_TASK GOAL_
The reply should contain all the data below, repeated exactly, and none of the images.
#### SUPPLIED RECORDS
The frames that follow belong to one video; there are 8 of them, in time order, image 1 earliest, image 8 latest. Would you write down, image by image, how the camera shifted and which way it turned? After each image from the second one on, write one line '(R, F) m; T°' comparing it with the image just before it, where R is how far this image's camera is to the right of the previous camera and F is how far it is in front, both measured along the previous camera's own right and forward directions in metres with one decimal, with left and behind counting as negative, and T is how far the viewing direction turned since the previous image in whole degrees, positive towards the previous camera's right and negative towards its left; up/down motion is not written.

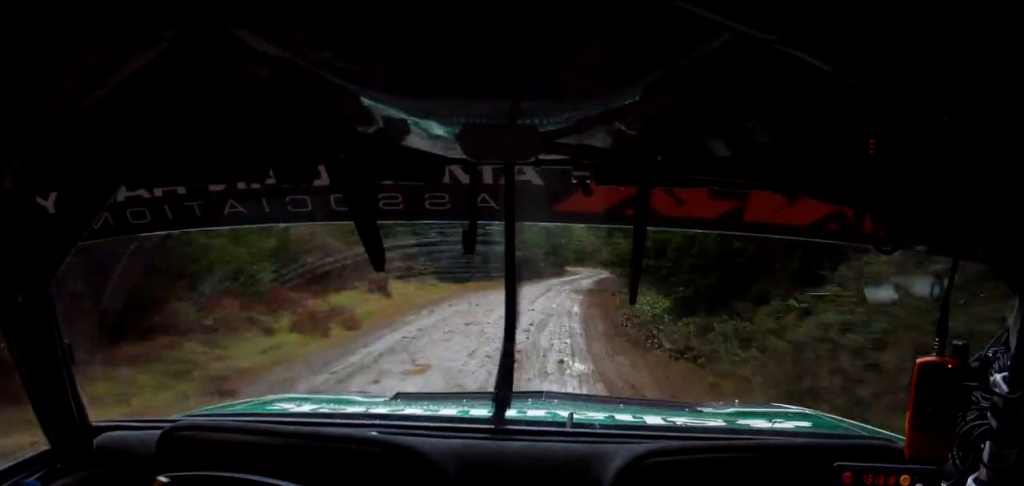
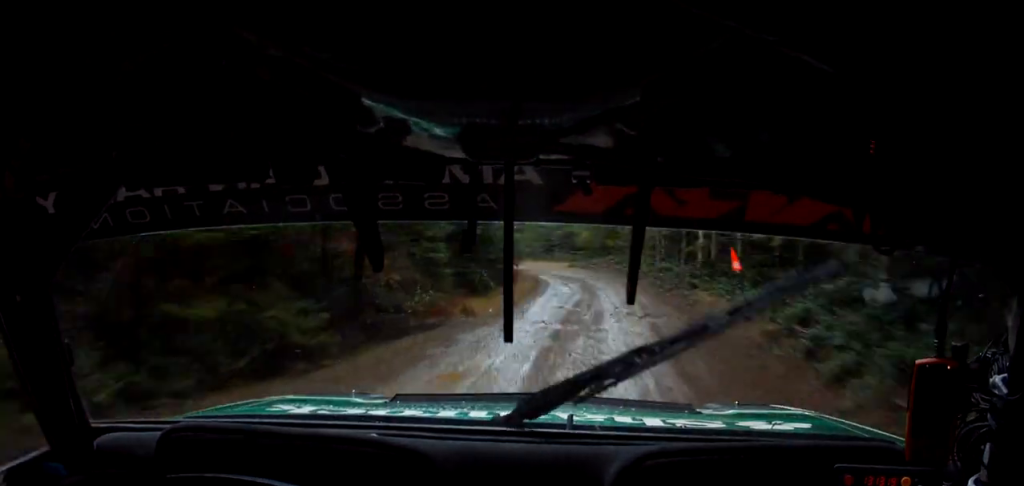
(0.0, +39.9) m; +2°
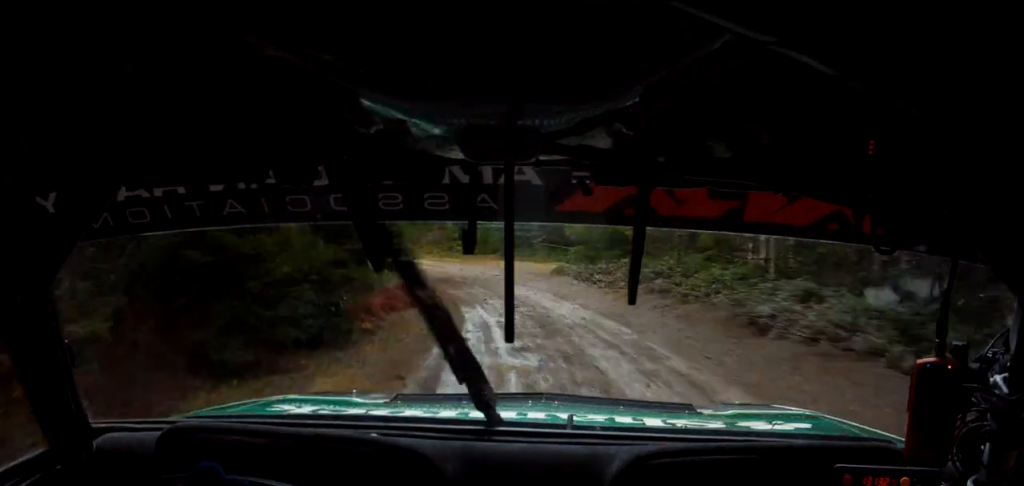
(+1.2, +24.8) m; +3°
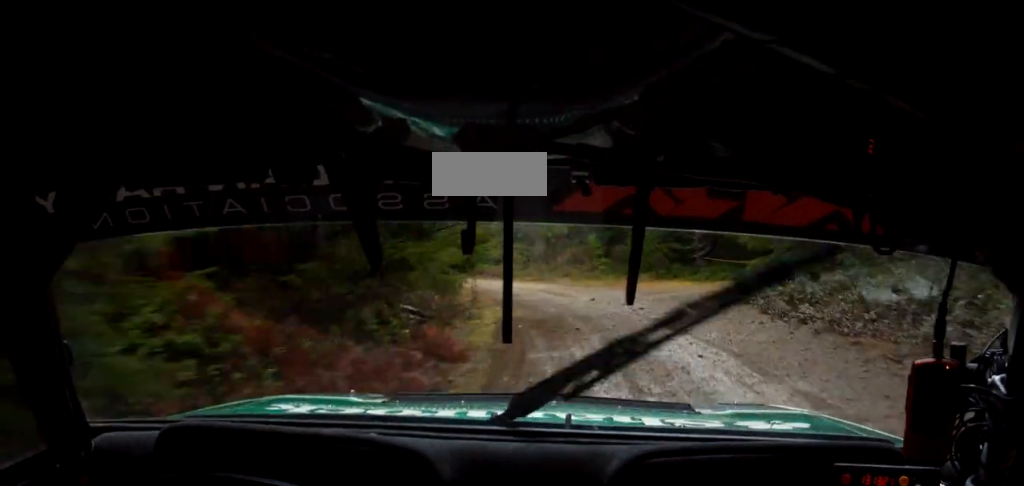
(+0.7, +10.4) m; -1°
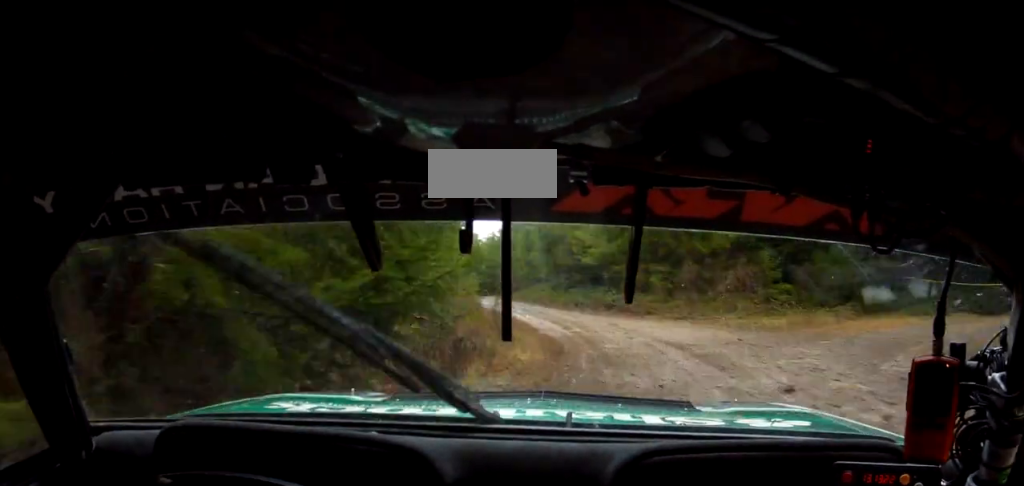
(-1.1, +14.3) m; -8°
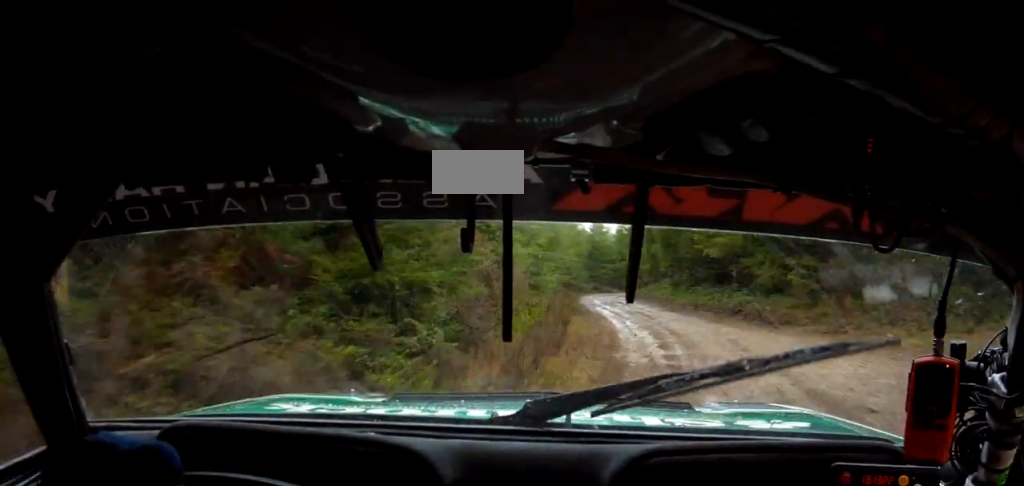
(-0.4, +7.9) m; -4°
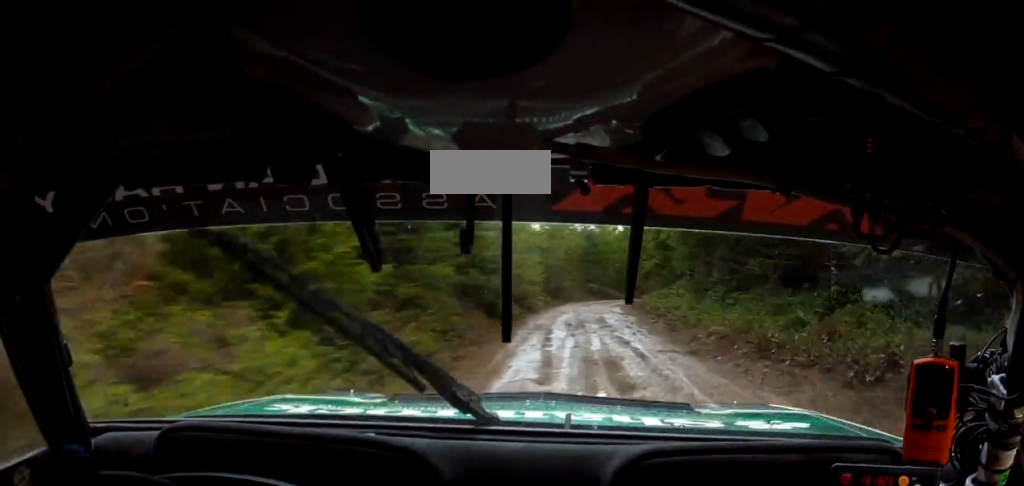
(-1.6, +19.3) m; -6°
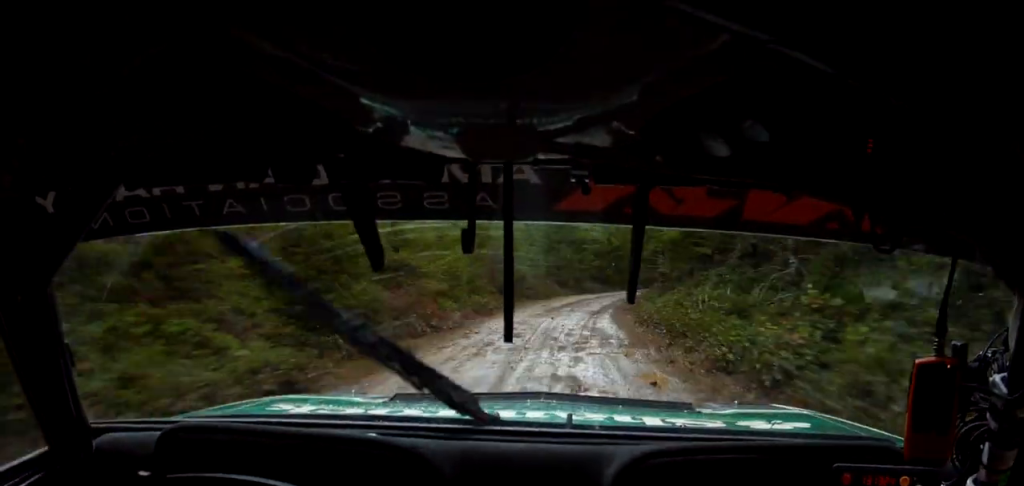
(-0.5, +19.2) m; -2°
########
_YOUR RESPONSE_
The frames that follow belong to one video; there are 8 of them, in time order, image 1 earliest, image 8 latest. Would you write down, image by image, how the camera shifted and which way it turned? After each image from the second one on, write one line '(R, F) m; T°' comparing it with the image just before it, where R is how far this image's camera is to the right of the previous camera and F is how far it is in front, both measured along the previous camera's own right and forward directions in metres with one decimal, with left and behind counting as negative, and T is how far the viewing direction turned since the previous image in whole degrees, positive towards the previous camera's right and negative towards its left; up/down motion is not written.

(0.0, +39.9) m; +2°
(+1.2, +24.8) m; +3°
(+0.7, +10.4) m; -1°
(-1.1, +14.3) m; -8°
(-0.4, +7.9) m; -4°
(-1.6, +19.3) m; -6°
(-0.5, +19.2) m; -2°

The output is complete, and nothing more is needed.